La société Pacifica fait valoir :
— que la CMAM et M. D Y font porter sur elle et sur la GMF, à hauteur d’appel, la part d’indemnité qui était réclamée en première instance contre AXA au titre du jeune J K, dont la responsabilité a été exonérée par le tribunal ; qu’en outre la CMAM et M. D Y sollicitent contre elle et la GMF une condamnation solidaire, ce qu’ils ne faisaient pas en première instance ; ces demandes, qui sont nouvelles, sont irrecevables ;
— que M. D Y a acquis l’immeuble sinistré pour le prix de 15 000 euros (conformément au prix convenu lors du compromis de vente qui avait été conclu avant le sinistre), puis l’a revendu en l’état un an plus tard à la commune pour un prix de 10 000 euros sans avoir procédé à la reconstruction, de sorte qu’il n’y a pas lieu de retenir une indemnisation en valeur de reconstruction, mais seulement en valeur vénale, soit 5 000 euros (différence entre le prix de l’achat et le prix de revente),
— qu’à titre subsidiaire, il faut déduire de l’indemnisation la somme de 51 315 euros correspondant à des travaux (déblais et démolition, honoraires d’architecte et diagnostic amiante) que M. D Y n’a pas effectués, ce qui ramène le préjudice à 198 843 euros,
— que la responsabilité des quatre mineurs dans l’incendie n’a pas été égale : la responsabilité de la jeune B, âgée de 9 ans au moment des faits, a seulement consisté à aller chercher un briquet à la demande du jeune I A sans savoir quelles étaient les intentions de ce dernier, ce qui justifie que sa part de responsabilité soit fixée à 5% (la part de Pacifica étant ainsi réduite à 2,5% compte-tenu du concours d’assurance avec la CMAM),
— que la négligence de l’ATM, qui n’a rien fait pour empêcher l’intrusion de tiers dans la grange de M. X, est démontrée, ce qui engage sa responsabilité,
— que son refus de faire droit aux revendications aux montants extravagants de M. D Y et de la CMAM ne constitue pas une résistance abusive.

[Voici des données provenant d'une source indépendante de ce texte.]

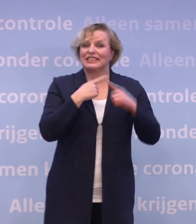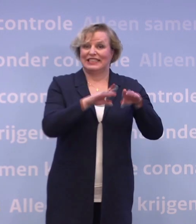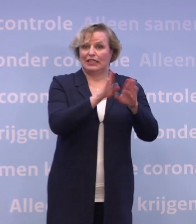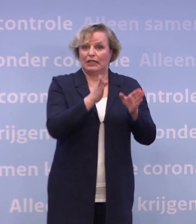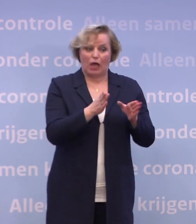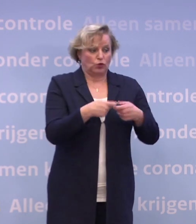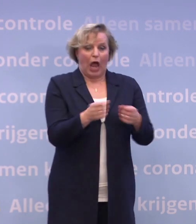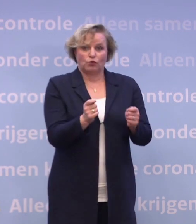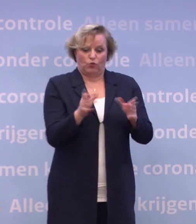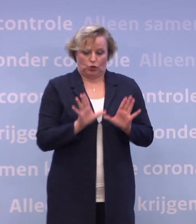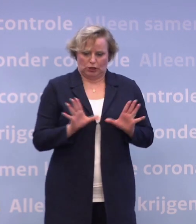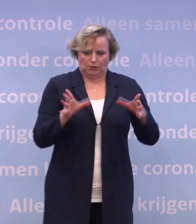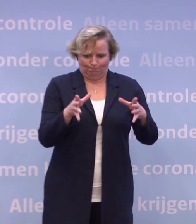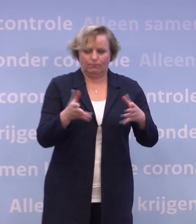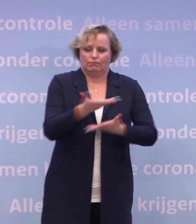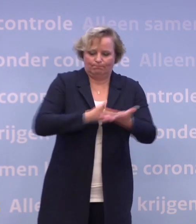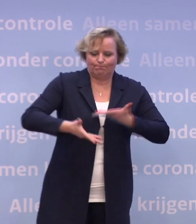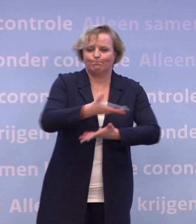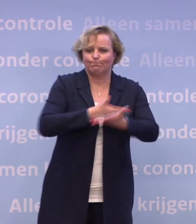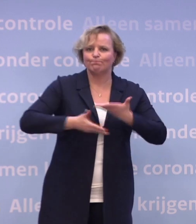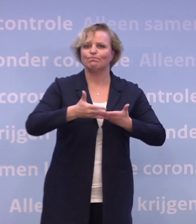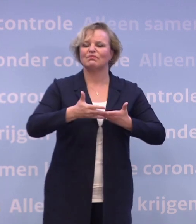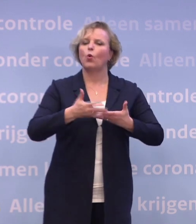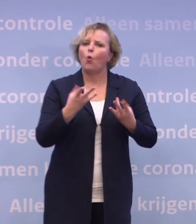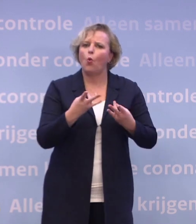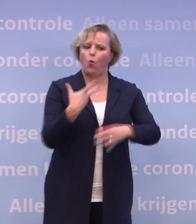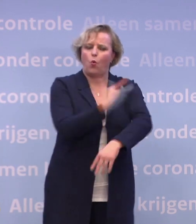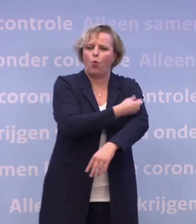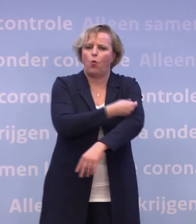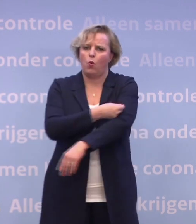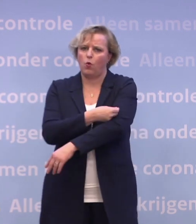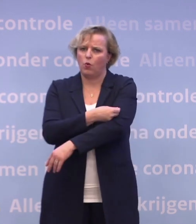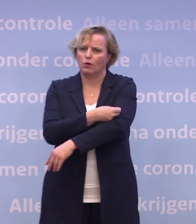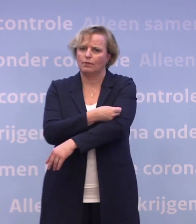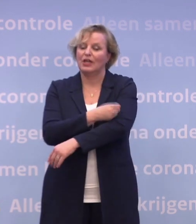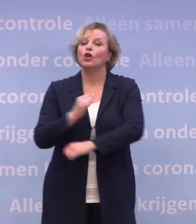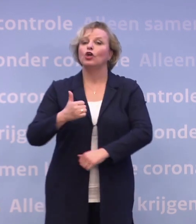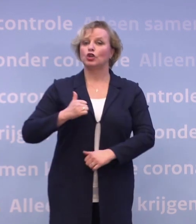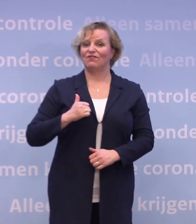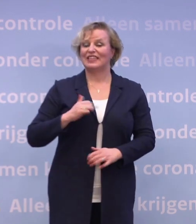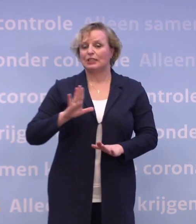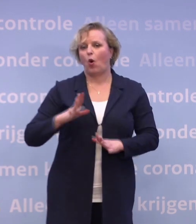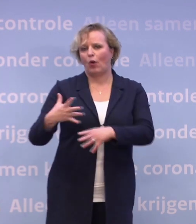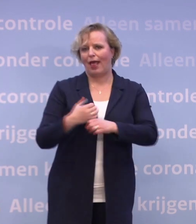Samen werken we hard aan dit vaccinatieprogramma. En ook Defensie ondersteunt en staat paraat.
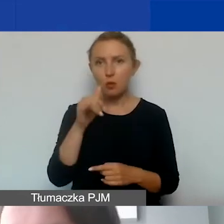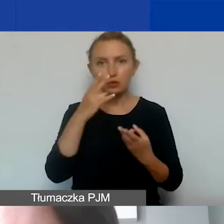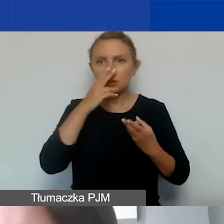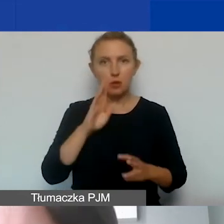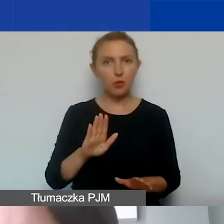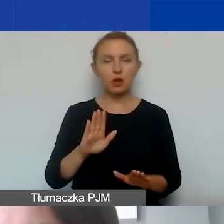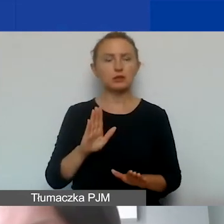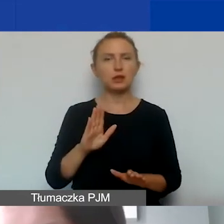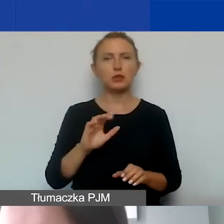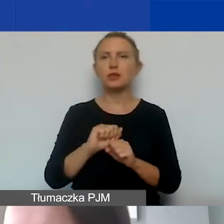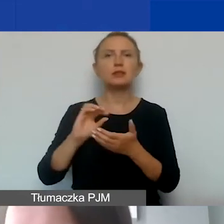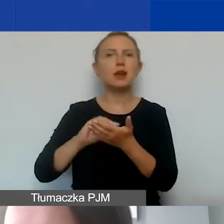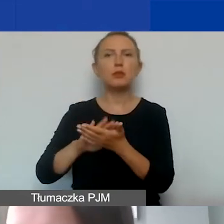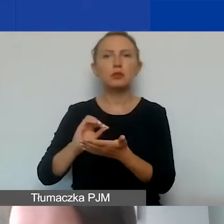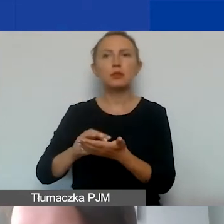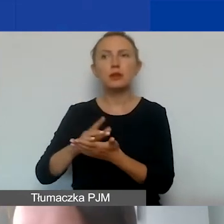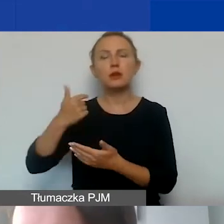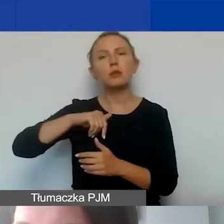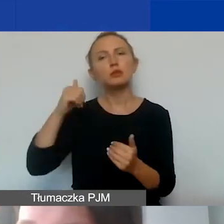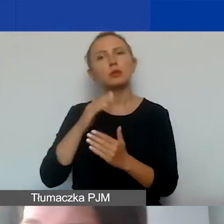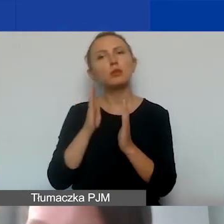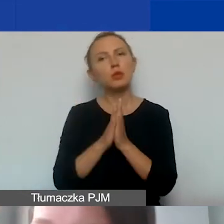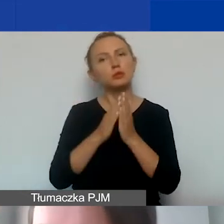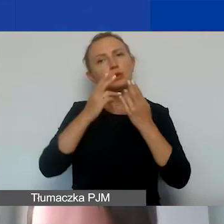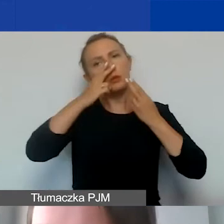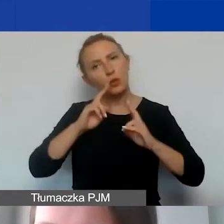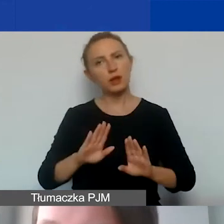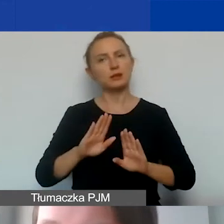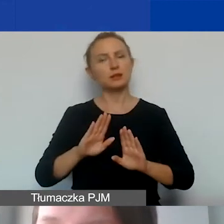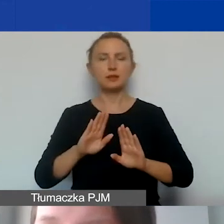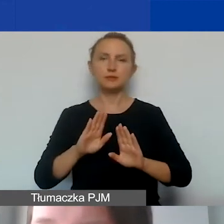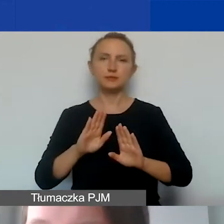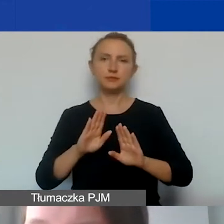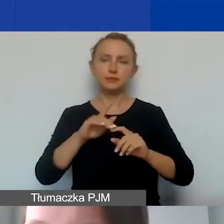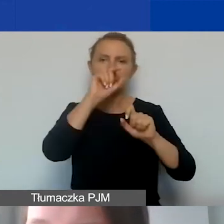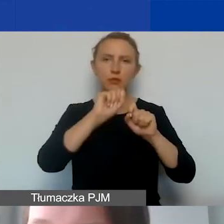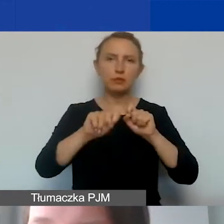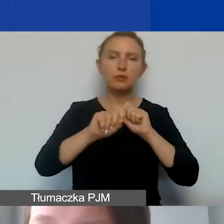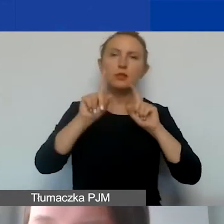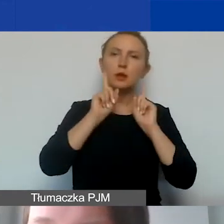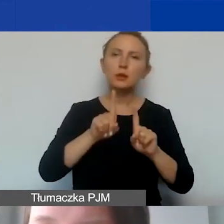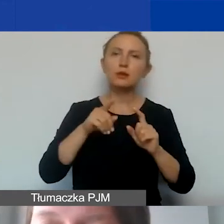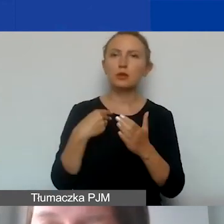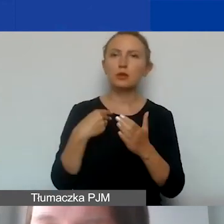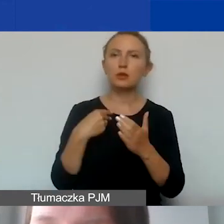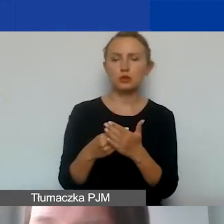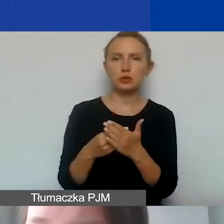one nie są raportowane, ale możemy poprosić o to, żeby nam przedstawić je przy kontroli, że państwo takie koszty ponoszą.

Par conclusions déposées le 12 mai 2021, la société GMF demande à la cour de déclarer la CMAM et M. D Y irrecevables et mal fondés en leurs demandes et de les en débouter, de la déclarer recevable en son appel incident et d’infirmer le jugement déféré en ce qu’il l’a condamnée en sa qualité d’assureur de Mme C à payer la somme de 21 199,50 euros à titre de dommages et intérêts, de confirmer le jugement en ce qu’il a débouté la CMAM et M. D Y de leur demande de dommages et intérêts pour résistance abusive, d’infirmer le jugement en ce qu’il l’a condamnée aux dépens et sur le fondement de l’article 700 du code de procédure civile et, à titre subsidiaire, de limiter l’indemnité due par elle à M. D Y à la somme de 1 250 euros ; enfin, de condamner la CMAM et M. D Y aux dépens et à lui payer la somme de 3 000 euros sur le fondement de l’article 700 du code de procédure civile.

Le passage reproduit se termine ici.